BEYOND THE VOICE OF REASON
by Dr. Fran Haga A Criminology Professor's
Study Of Waco In her heavily-documented 28-page report, Dr. Fran Haga - a criminology professor at Pembroke State University - wrote of her extensive investigation of what took place during and after the first Waco raid. While the report was submitted to the
congressional committee investigating Waco in 1995, its contents have never had
wide public exposure.
One key factor in the Waco "myth" promoted by
the Clintons Administration is that the Branch Davidians as a whole - and not
just their leader David Koresh - were a bunch of antigovernment extremists.
However, Dr. Haga notes that nearly half of the
women in Koresh's group were British citizens - hardly the stereotype of
a bunch of rural right-wing extremists. Dr. Haga's extensive research led her to the
conclusion that on-the-scene efforts had moved from the realm of law enforcement
to the realm of warfare - with the traditional extreme regard by American police
for the lives of women and children caught up in barricaded-suspect scenarios
disappearing into what she termed wartime "rules of engagement" two years before
the award-winning dissident film on Waco with a similar title came out.

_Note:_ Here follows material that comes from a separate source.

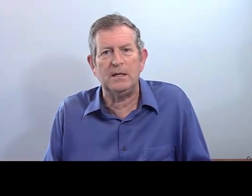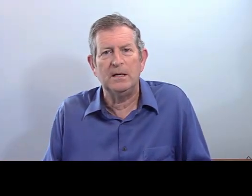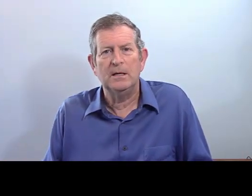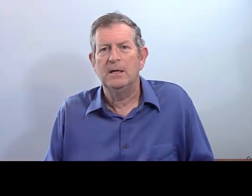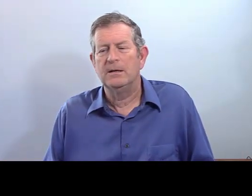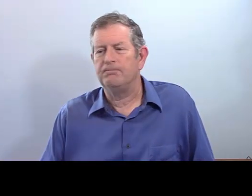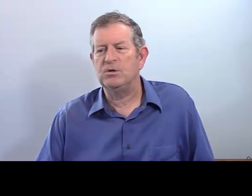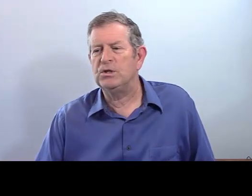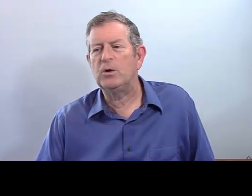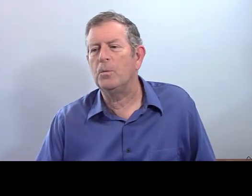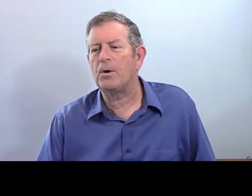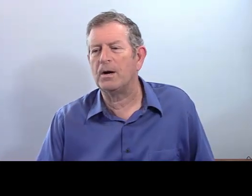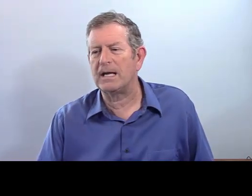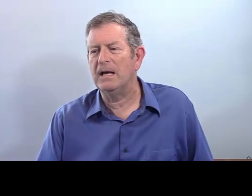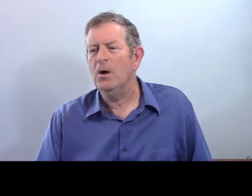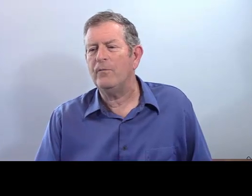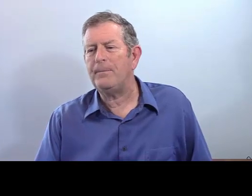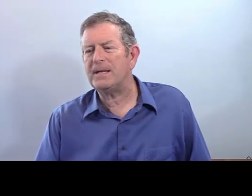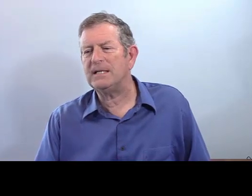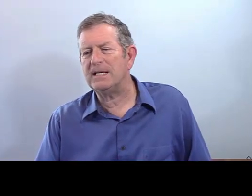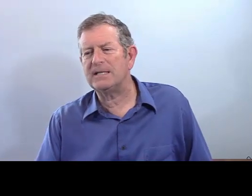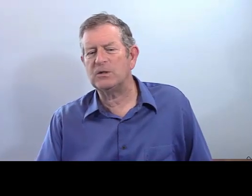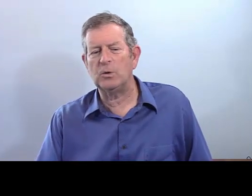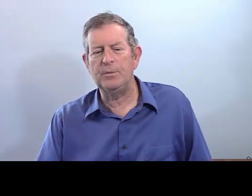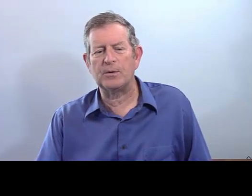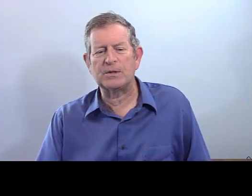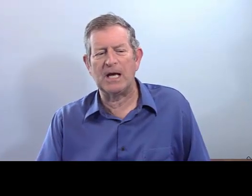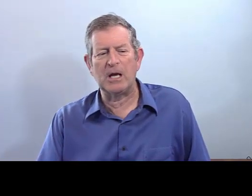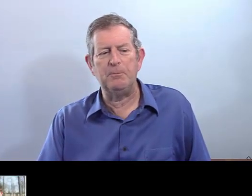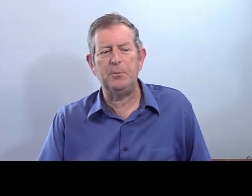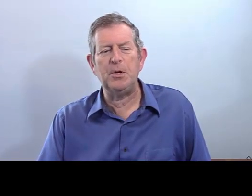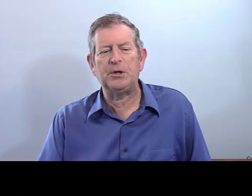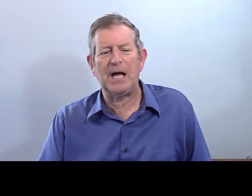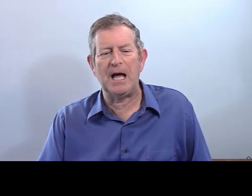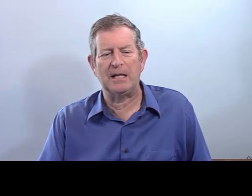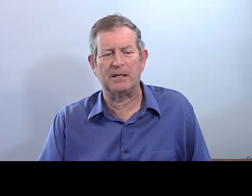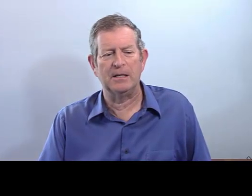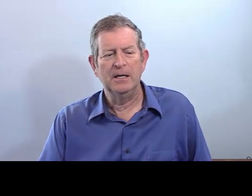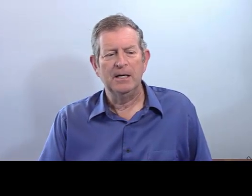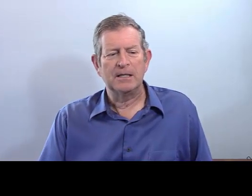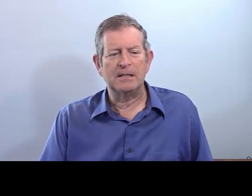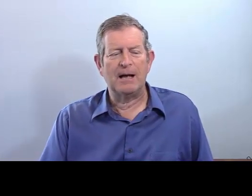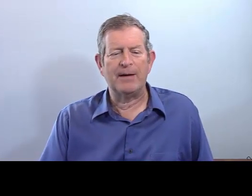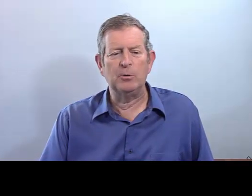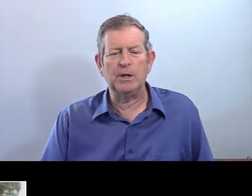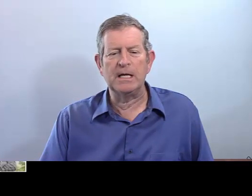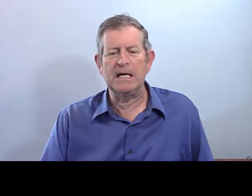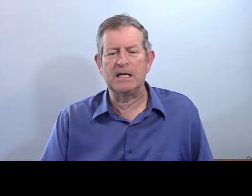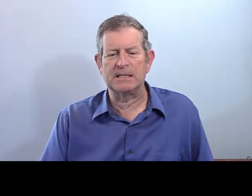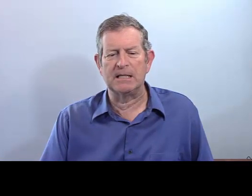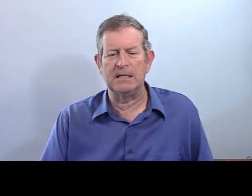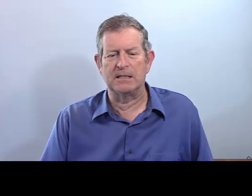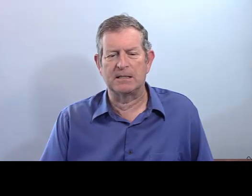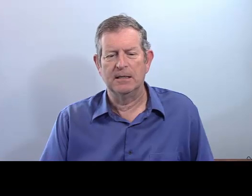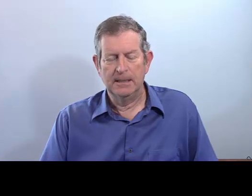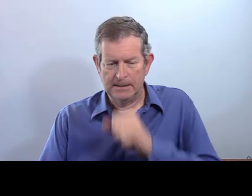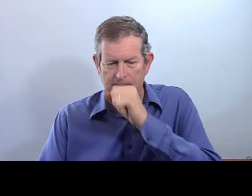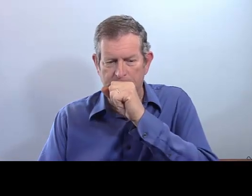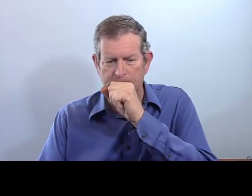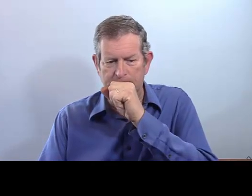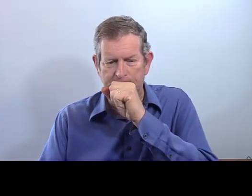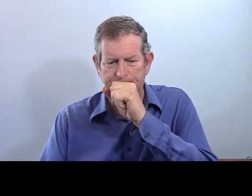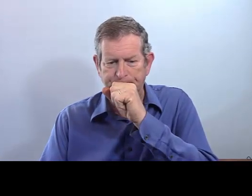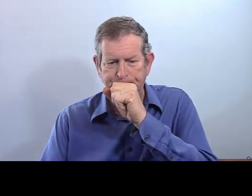change aussi. Je n'y comprends rien. On va passer à la section numéro 5 et peut-être cela va nous donner quelques indices.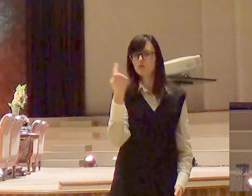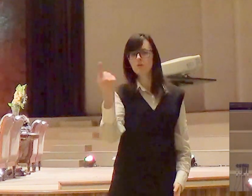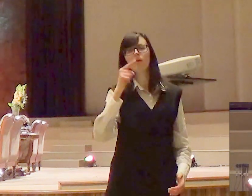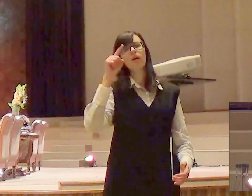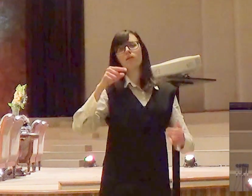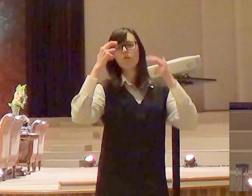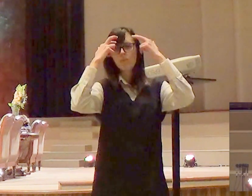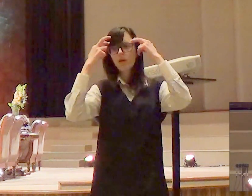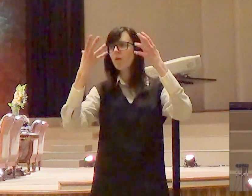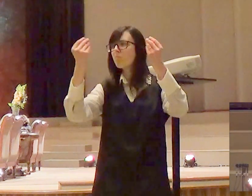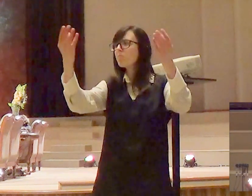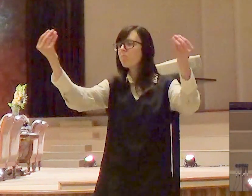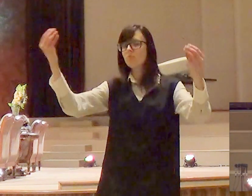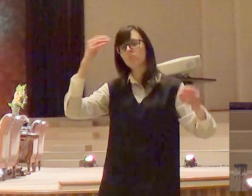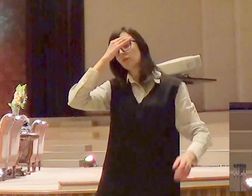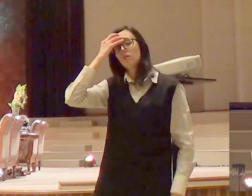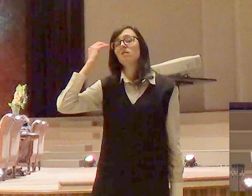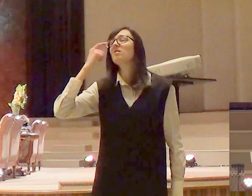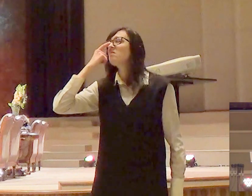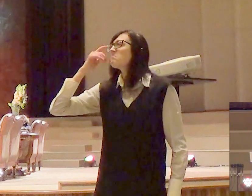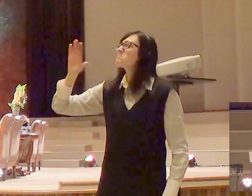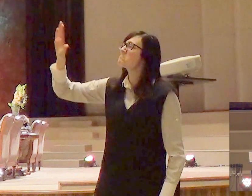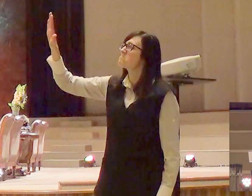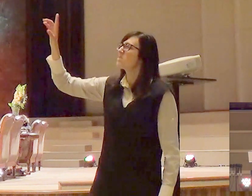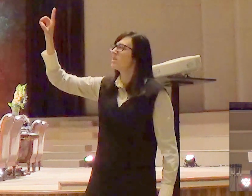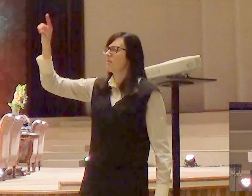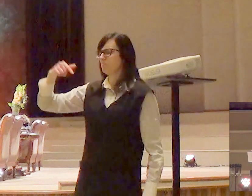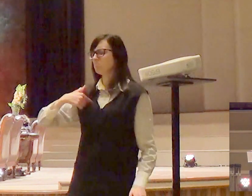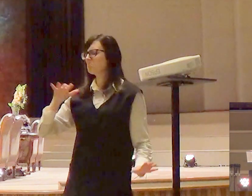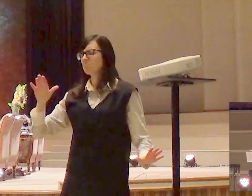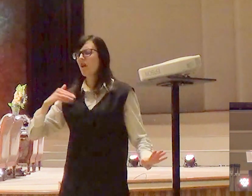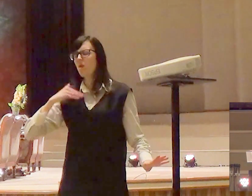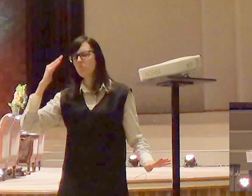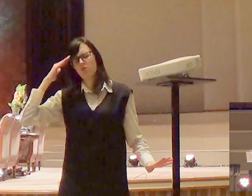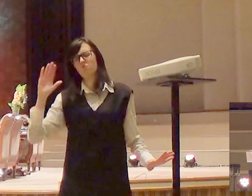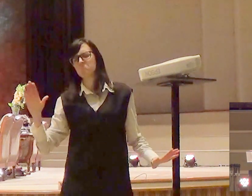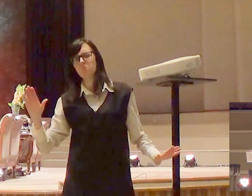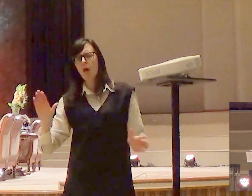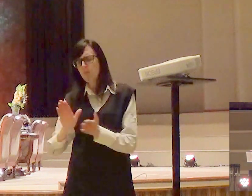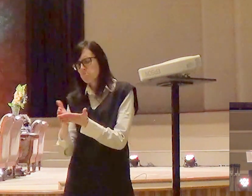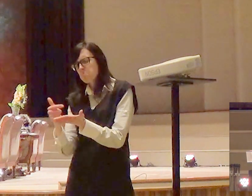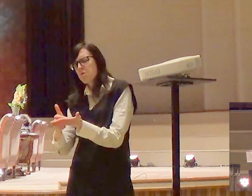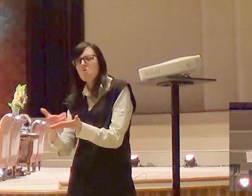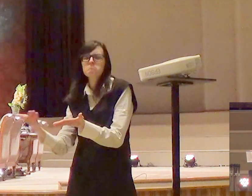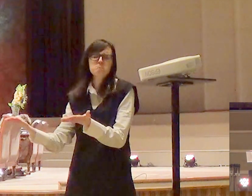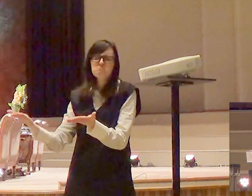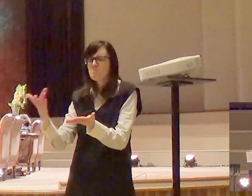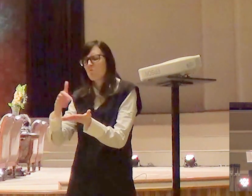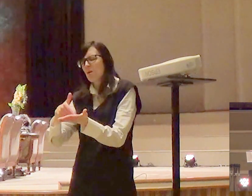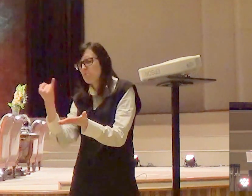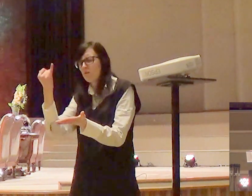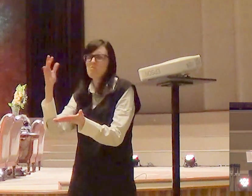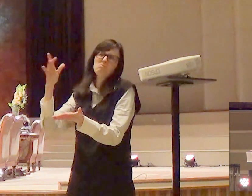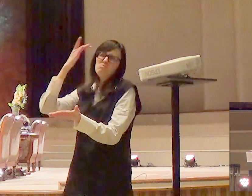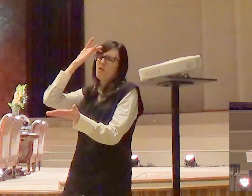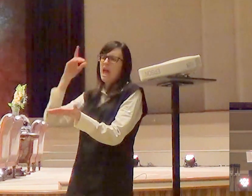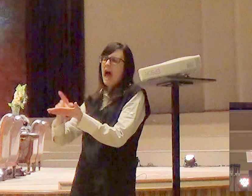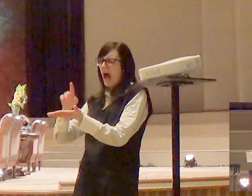muita gente está dizendo assim eu sou dono do meu nariz eu faço o eu quero eu não sei se a Bíblia tem razão hoje talvez ela tivesse razão naquele

Dr. Haga's view of the result was that
"... unidentified warring groups of men became
locked in
a lethal combat. Focused on each other, they created a lethal environment where the deaths of the mothers and the children were simply collateral damage. Untargeted." Or, as Dr. Haga also put it:
"Legally, the individual rights of mothers and
children
cannot be ignored in a law enforcement operation against a home. Traditionally, homes have been protected because they are historically recognized as the final refuge of mothers and children." Her sharp condemnation of the systematic use of
armored vehicles to cave in much of the home of the Branch Davidians as if all
those inside were now legitimate targets of deadly force.